Review: Cole Case paints moments of breathtaking innocence, whether at an Italian convent or LAX


Innocence has nothing to do with naiveté, even though cynics often treat the two qualities as if they were the same.

To understand the difference between the two ways of being in the world, head over to Cole Case’s exhibition at E.C. Lina in West Adams, where his ninth solo show in Los Angeles includes eight oils on linen and a pair of pastels on paper.

The title, “Like a Tuning Fork Struck Upon a Star,” suggests that Case is a romantic, as well as a fan of “The Great Gatsby,” in which F. Scott Fitzgerald uses the phrase to describe the moment before Gatsby and Daisy kiss.

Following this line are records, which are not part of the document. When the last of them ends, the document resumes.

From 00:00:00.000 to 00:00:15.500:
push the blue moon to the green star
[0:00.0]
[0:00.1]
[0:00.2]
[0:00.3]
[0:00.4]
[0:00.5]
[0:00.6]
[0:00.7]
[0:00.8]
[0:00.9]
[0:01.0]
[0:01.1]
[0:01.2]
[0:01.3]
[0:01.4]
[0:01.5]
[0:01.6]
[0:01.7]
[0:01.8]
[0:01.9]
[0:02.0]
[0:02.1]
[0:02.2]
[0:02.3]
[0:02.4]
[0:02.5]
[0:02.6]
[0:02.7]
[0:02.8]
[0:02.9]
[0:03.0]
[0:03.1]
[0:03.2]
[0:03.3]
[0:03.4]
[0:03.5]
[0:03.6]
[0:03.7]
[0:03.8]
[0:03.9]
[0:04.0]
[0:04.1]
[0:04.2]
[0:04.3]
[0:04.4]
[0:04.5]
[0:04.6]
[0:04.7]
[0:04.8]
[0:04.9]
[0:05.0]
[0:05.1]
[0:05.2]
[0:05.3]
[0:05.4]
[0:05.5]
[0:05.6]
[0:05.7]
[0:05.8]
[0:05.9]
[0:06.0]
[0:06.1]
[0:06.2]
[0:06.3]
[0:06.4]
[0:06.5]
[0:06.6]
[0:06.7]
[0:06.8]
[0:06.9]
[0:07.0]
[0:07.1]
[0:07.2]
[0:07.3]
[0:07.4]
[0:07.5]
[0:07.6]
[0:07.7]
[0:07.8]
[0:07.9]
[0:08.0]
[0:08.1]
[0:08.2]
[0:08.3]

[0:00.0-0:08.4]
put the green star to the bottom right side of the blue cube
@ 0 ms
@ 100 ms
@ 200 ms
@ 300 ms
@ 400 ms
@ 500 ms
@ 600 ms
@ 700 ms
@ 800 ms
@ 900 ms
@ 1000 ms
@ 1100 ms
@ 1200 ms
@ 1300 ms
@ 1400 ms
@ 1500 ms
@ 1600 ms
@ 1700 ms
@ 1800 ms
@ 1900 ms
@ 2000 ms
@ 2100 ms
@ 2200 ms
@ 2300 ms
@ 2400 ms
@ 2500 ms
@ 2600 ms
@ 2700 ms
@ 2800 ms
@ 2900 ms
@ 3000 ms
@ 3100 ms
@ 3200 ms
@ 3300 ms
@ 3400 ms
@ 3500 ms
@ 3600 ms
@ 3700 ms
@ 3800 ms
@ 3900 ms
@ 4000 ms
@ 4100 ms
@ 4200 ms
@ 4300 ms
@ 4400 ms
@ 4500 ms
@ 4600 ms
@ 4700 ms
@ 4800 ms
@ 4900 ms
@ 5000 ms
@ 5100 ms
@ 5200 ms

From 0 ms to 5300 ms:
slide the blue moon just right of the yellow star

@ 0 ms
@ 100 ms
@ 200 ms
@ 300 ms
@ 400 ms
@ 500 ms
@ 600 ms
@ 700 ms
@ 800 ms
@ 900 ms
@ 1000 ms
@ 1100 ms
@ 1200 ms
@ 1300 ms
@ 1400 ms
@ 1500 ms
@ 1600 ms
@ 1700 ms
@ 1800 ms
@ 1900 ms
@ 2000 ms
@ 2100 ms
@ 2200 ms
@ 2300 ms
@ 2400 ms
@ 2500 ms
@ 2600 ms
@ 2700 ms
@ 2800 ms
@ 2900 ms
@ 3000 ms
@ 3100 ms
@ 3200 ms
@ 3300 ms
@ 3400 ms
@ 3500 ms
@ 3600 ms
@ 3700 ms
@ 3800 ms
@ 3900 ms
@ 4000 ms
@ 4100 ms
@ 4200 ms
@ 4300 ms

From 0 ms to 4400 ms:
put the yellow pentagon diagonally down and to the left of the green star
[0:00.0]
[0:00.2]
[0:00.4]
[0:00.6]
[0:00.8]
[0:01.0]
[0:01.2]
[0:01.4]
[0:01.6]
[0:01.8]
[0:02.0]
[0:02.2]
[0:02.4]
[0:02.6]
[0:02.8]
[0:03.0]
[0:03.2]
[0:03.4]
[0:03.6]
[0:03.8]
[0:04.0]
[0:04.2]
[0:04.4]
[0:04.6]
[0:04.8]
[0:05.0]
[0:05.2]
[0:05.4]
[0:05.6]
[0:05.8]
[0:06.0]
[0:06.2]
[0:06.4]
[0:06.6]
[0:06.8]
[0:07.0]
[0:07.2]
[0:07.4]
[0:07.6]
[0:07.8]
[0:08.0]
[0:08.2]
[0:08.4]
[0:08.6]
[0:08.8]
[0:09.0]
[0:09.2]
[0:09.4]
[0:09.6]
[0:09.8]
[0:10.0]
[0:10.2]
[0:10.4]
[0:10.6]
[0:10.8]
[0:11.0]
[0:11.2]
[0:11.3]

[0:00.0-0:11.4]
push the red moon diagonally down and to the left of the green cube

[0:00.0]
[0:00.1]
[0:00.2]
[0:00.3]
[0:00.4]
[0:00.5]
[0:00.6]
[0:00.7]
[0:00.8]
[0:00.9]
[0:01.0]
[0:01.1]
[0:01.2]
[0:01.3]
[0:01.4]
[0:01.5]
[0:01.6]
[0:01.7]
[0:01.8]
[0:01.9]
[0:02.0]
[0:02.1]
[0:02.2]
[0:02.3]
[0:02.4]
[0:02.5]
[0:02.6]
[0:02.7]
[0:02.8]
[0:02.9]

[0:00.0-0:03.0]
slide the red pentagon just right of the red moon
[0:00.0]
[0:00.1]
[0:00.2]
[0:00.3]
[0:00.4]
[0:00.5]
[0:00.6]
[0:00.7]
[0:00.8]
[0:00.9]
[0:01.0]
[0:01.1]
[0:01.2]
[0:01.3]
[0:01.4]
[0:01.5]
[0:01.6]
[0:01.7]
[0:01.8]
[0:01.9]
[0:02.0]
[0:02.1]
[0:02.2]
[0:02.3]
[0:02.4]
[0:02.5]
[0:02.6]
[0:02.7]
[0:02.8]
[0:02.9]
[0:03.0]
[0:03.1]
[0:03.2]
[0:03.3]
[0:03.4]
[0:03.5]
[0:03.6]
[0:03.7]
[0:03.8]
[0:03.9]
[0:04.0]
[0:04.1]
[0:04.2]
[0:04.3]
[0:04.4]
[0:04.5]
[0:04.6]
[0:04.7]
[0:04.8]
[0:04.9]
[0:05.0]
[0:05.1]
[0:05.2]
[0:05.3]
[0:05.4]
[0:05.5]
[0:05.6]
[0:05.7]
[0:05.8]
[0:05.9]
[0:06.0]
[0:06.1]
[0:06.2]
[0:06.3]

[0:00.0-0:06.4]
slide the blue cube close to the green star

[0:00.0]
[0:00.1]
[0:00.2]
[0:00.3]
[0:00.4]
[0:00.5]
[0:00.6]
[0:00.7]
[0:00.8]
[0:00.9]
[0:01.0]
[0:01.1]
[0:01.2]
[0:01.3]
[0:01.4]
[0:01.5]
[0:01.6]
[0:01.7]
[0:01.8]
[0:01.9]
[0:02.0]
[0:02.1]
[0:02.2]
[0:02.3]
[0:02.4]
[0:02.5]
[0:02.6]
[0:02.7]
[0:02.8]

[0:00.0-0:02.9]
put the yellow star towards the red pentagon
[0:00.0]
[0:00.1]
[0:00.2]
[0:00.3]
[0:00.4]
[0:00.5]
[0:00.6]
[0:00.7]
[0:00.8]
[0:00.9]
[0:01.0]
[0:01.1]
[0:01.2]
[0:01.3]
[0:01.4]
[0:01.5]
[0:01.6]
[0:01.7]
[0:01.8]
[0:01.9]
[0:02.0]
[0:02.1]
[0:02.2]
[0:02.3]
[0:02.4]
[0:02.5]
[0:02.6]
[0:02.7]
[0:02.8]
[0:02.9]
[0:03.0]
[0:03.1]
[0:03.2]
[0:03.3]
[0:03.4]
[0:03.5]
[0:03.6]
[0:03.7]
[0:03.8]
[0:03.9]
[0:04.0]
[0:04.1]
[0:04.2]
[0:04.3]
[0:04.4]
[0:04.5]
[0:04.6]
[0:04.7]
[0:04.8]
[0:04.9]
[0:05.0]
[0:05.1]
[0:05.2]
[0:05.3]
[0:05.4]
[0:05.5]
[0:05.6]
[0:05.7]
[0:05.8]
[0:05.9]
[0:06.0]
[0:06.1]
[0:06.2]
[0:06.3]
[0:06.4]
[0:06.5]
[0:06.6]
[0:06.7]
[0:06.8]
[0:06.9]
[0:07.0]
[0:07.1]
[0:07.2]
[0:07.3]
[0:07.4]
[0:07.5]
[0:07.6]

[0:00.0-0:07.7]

Case’s paintings strike a similar chord — of charged stillness, when everything around you feels as if it’s exactly where it’s meant to be, poised and perfect and on the cusp of giving way to an experience even more breathtaking.

There’s nothing naive about that. It’s a pretty sophisticated sensation. It’s accompanied by heightened perception. And heart rate. Not to mention excitement and vulnerability.

That’s what you feel when see Case’s paintings. Although his carefully delineated pictures appear to be calm, cool and collected, each is aglow with the warmth and sensuality usually associated with lovers and loved ones.

The four works that depict 14th and 15 century convents and chapels and palaces in Florence and Padua, Italy, treat each brick of each building as if it were the center of the universe, both light source and still point around which everything revolves.


The two paintings that depict the sky over LAX — and the no-man’s-land beneath — seem to channel the impossible beauty of Henri Rousseau’s pictures of wild beasts hanging out as if they were best friends. In Case’s hands, aerial traffic jams neither frustrate nor prevent you from catching a flight so much as they make the moment expand into a long-lasting pleasure to get lost in — its serenity both endless and stimulating.

Case’s paintings and drawings of the moon are also wondrous, their gray and black palettes creating enough time and space for something unexpected to happen — again and again. Sometimes, innocence and wisdom go hand-in-hand.